==== Data for this exercise ====
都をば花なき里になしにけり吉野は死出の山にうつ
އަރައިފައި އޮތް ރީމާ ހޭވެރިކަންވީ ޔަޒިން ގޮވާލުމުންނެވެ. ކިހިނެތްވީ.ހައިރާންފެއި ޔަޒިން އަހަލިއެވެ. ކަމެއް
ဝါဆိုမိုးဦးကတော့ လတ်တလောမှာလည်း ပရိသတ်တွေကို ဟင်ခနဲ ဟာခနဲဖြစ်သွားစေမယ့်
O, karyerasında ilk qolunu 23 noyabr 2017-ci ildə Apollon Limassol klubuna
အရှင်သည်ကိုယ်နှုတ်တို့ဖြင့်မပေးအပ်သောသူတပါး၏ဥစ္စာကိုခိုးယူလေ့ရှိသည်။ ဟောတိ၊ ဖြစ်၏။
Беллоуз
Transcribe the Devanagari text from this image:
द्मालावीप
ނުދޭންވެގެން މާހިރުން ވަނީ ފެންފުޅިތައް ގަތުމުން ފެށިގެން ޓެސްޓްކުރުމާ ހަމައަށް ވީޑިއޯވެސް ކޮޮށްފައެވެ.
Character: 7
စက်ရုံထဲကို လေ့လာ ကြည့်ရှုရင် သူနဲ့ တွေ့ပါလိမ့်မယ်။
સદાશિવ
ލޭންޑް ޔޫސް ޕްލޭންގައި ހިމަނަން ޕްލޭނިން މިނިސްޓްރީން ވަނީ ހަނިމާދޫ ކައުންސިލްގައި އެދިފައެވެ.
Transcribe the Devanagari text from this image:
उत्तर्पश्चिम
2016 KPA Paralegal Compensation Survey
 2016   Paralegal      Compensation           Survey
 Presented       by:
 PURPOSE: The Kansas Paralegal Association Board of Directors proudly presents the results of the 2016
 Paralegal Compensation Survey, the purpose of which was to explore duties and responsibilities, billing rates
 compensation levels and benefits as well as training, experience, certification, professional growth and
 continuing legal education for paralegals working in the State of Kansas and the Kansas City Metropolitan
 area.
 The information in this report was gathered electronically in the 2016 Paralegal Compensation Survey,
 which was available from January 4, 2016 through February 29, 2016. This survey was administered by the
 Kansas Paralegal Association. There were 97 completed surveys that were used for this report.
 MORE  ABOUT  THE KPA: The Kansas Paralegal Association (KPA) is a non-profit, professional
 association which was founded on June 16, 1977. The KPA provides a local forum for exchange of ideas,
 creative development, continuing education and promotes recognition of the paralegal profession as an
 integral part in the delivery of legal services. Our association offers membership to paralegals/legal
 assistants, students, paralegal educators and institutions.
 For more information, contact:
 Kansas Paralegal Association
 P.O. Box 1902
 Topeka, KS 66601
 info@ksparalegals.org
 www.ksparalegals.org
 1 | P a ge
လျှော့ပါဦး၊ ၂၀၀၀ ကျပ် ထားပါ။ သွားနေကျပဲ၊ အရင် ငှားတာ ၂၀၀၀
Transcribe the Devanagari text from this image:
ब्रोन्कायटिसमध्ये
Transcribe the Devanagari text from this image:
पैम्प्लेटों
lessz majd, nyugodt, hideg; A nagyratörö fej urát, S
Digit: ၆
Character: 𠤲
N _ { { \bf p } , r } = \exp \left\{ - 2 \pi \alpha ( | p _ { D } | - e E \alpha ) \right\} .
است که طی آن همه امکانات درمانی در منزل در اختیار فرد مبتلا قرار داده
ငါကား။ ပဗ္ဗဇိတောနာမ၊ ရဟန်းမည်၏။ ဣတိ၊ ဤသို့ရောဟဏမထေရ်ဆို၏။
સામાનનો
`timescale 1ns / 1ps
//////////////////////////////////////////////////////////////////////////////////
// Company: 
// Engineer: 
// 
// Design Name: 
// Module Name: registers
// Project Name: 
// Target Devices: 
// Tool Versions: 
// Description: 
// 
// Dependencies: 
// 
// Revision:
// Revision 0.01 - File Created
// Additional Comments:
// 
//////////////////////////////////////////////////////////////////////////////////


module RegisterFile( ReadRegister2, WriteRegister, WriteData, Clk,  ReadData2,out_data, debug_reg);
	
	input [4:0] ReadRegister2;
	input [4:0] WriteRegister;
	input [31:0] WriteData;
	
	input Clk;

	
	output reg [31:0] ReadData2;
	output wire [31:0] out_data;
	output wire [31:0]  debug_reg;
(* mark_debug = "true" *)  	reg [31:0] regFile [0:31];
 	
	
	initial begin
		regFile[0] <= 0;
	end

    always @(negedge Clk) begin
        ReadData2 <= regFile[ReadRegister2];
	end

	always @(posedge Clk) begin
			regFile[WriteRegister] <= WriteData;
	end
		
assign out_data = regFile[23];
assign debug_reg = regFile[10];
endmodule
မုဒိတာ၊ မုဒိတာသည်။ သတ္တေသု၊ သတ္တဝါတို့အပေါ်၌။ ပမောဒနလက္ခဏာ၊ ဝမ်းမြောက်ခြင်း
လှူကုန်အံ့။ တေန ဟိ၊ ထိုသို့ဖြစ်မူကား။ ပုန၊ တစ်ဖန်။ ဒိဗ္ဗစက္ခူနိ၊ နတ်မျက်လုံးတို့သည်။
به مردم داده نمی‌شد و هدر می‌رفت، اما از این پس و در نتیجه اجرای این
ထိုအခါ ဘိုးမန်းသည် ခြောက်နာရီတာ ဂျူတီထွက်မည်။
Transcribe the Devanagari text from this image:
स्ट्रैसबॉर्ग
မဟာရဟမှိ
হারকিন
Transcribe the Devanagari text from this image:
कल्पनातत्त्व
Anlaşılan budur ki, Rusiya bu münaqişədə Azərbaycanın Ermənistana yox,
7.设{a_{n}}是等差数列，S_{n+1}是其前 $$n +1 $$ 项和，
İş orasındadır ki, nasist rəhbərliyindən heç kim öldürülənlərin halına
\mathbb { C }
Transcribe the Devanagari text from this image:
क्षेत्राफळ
====
▶ **Problem requirements**: Please return the lines above that run from the line containing "a non-profit, professional" to the line containing "association which was", inclusive, exactly and with no other lines.

▶ **Solution**:
 MORE  ABOUT  THE KPA: The Kansas Paralegal Association (KPA) is a non-profit, professional
 association which was founded on June 16, 1977. The KPA provides a local forum for exchange of ideas,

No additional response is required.